━━━ Given entries ━━━

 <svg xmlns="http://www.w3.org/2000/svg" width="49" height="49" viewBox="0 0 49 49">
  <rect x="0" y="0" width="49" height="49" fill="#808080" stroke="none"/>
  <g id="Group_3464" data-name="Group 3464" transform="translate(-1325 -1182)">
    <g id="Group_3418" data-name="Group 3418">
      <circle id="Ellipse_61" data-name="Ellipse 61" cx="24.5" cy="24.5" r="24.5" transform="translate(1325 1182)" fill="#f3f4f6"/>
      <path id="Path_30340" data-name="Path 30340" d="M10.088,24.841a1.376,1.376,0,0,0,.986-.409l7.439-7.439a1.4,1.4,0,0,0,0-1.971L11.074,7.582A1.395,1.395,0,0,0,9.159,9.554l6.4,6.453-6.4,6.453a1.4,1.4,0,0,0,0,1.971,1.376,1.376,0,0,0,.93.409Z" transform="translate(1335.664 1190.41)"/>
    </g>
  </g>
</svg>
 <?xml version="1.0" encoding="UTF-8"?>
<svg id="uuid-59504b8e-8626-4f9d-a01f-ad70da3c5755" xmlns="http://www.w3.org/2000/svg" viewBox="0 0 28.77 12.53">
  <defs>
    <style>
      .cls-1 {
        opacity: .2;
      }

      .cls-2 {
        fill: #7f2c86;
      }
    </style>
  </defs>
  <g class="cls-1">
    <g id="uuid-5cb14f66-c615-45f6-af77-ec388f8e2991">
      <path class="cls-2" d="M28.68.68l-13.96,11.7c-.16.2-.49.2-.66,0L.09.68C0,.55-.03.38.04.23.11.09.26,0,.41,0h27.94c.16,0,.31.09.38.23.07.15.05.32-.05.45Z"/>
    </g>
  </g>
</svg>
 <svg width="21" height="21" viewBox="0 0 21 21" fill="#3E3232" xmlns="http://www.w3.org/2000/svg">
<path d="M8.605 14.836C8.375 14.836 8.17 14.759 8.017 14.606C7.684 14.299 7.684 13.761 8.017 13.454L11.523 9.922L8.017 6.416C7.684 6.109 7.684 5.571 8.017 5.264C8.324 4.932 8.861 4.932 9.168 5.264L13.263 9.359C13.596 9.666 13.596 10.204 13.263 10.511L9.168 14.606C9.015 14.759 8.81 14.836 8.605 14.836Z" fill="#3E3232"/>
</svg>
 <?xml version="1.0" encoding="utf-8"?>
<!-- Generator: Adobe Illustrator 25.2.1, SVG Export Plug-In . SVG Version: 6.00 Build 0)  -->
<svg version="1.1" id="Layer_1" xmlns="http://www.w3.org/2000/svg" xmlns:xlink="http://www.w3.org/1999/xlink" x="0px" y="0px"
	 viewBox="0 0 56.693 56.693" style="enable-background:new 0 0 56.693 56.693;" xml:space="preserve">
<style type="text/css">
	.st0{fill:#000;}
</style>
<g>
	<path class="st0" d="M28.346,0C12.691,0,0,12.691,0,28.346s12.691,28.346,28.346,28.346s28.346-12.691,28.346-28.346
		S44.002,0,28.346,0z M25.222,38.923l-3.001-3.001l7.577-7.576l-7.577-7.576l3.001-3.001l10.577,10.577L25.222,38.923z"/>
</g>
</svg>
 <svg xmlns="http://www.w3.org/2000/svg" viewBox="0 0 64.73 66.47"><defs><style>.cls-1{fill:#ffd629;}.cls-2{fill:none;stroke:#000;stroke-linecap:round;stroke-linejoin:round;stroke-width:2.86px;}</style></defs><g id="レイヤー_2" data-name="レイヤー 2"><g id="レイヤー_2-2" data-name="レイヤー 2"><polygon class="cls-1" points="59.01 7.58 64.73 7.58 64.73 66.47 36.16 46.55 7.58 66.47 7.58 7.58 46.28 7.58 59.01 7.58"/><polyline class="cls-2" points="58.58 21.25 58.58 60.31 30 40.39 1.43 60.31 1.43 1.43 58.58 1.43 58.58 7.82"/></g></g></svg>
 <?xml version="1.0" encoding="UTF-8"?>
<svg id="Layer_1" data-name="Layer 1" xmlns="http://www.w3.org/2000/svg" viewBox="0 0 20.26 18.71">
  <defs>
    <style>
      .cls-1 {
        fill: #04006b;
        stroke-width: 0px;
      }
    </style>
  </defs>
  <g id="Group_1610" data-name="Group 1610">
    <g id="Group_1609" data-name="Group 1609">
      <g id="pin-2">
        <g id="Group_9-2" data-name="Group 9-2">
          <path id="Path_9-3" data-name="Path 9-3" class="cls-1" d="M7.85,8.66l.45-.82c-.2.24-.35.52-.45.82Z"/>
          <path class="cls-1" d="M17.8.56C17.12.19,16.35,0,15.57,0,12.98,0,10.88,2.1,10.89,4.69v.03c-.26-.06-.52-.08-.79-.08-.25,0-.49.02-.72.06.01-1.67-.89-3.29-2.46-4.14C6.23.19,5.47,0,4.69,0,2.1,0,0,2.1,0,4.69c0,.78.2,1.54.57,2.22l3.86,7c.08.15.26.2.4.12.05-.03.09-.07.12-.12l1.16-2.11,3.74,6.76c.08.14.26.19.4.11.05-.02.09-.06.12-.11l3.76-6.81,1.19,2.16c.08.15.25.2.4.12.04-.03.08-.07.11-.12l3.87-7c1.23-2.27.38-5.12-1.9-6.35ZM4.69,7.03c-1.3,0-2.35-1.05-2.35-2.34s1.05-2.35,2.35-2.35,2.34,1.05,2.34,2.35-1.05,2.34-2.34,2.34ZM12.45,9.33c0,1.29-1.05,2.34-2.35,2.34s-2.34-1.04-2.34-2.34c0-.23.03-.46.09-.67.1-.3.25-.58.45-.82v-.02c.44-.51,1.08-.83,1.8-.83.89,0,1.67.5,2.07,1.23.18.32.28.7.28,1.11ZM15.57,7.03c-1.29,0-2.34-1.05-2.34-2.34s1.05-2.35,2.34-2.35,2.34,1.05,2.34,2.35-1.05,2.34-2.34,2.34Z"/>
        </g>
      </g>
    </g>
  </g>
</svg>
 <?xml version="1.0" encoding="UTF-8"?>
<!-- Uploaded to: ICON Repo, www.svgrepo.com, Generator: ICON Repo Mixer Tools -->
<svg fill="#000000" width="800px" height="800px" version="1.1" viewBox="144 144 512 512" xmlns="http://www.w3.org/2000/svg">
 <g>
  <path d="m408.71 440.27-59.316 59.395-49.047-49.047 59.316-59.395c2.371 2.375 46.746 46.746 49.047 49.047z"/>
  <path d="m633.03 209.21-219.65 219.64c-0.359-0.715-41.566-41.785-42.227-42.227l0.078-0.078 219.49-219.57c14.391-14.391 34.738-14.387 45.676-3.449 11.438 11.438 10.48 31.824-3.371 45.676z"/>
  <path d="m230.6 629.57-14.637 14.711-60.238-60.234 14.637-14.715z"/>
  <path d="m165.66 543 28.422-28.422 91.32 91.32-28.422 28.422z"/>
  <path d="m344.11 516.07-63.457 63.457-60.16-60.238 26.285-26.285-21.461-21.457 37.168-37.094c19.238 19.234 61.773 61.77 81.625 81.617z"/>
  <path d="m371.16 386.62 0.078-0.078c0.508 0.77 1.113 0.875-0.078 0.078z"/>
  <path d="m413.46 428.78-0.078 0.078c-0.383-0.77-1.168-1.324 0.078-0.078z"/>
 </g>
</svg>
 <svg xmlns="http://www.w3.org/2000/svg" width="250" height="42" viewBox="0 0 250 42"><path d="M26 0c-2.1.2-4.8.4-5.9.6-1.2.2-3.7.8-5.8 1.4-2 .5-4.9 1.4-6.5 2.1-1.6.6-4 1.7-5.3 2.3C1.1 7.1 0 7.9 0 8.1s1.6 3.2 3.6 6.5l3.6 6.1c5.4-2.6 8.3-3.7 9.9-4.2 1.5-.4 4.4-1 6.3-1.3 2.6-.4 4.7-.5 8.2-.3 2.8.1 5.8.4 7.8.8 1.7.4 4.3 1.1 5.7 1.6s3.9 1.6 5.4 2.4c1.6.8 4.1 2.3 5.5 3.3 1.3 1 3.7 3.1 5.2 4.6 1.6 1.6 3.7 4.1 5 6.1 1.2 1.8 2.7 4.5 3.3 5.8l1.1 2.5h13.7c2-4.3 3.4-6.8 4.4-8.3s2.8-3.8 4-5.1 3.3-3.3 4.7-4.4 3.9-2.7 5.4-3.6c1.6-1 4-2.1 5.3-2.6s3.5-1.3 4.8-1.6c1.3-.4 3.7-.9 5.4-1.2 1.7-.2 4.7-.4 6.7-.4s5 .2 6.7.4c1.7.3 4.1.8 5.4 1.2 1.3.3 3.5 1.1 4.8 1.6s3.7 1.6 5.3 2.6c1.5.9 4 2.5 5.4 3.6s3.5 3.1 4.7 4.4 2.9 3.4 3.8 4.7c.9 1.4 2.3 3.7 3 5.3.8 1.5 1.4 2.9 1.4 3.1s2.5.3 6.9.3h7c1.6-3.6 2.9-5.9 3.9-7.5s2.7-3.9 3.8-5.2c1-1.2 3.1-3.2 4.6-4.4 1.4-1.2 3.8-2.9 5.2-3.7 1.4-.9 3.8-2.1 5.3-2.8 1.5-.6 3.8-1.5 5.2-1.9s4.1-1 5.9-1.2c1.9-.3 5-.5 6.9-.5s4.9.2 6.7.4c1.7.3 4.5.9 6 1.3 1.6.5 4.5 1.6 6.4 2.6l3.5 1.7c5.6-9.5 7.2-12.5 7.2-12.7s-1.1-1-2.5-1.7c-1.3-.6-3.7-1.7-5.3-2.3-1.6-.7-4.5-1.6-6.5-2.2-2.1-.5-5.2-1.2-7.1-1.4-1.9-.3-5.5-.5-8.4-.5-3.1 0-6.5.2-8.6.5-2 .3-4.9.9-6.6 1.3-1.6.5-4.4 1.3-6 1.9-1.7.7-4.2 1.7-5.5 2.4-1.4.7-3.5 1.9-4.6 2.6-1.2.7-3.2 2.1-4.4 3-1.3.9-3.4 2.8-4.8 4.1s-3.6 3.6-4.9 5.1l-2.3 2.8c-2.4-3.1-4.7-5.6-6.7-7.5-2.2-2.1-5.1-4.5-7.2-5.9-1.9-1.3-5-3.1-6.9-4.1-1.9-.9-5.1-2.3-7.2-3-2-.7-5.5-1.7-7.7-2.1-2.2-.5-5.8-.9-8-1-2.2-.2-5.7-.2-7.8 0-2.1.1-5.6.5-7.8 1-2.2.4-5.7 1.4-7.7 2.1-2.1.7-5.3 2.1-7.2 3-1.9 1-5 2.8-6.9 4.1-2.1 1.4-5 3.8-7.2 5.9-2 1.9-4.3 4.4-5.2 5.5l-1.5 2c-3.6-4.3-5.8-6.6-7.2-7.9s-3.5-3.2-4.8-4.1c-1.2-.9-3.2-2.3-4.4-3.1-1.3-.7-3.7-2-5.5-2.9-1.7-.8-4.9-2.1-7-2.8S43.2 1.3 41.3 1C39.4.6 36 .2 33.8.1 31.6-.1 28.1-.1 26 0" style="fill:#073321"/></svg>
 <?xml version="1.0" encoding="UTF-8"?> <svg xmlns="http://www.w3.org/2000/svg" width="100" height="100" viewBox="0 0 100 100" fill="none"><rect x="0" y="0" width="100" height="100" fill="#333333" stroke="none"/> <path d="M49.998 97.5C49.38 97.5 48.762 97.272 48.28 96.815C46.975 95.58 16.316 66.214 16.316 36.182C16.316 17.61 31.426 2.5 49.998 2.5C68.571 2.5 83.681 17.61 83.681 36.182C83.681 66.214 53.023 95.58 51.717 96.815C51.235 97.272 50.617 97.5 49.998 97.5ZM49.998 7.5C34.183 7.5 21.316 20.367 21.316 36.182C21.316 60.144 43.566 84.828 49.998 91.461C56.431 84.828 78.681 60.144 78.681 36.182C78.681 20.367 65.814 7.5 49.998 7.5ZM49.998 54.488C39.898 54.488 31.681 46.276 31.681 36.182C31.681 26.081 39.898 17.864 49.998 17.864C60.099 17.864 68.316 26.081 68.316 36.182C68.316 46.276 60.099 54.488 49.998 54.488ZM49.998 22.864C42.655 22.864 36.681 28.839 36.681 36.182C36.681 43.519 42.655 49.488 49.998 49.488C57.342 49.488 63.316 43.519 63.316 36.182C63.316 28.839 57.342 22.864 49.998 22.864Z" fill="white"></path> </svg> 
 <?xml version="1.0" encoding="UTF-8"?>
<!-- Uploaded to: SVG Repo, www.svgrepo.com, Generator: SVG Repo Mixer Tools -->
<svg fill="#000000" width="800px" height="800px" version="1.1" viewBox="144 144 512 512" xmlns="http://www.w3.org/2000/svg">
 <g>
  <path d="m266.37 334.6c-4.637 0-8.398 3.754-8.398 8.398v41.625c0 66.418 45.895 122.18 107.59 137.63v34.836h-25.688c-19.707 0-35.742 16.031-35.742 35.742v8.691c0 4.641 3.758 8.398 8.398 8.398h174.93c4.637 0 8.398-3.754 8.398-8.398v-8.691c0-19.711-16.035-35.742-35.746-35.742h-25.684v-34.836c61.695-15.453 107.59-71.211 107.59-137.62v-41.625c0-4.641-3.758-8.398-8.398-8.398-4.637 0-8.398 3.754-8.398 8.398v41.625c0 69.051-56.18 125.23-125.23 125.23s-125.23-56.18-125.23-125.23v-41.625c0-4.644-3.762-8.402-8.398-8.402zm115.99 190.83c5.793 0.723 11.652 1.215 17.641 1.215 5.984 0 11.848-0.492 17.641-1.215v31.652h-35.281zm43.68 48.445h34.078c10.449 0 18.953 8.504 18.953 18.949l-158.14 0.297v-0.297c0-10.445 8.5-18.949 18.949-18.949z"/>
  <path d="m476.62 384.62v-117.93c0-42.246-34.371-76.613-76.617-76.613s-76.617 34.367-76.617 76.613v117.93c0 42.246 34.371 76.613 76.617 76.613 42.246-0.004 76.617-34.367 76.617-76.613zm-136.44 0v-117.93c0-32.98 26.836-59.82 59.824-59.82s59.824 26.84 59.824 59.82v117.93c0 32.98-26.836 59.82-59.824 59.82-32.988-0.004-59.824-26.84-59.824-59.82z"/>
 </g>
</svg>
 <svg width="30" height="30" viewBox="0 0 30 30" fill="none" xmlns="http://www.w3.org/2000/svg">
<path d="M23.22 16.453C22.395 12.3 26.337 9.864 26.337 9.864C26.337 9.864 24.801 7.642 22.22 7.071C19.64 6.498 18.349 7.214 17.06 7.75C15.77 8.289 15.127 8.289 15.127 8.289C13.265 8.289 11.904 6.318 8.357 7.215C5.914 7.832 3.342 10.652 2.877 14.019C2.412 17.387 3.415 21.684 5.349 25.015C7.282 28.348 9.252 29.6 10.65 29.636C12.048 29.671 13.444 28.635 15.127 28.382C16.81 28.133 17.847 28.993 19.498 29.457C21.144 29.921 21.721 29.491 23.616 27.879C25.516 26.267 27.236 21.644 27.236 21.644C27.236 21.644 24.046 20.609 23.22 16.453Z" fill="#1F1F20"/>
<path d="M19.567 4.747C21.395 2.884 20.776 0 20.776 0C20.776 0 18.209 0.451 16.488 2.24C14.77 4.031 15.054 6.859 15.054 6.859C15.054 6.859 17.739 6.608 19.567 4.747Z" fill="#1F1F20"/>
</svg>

━━━

State how many lines of the data include the word "rect", with nothing else.

2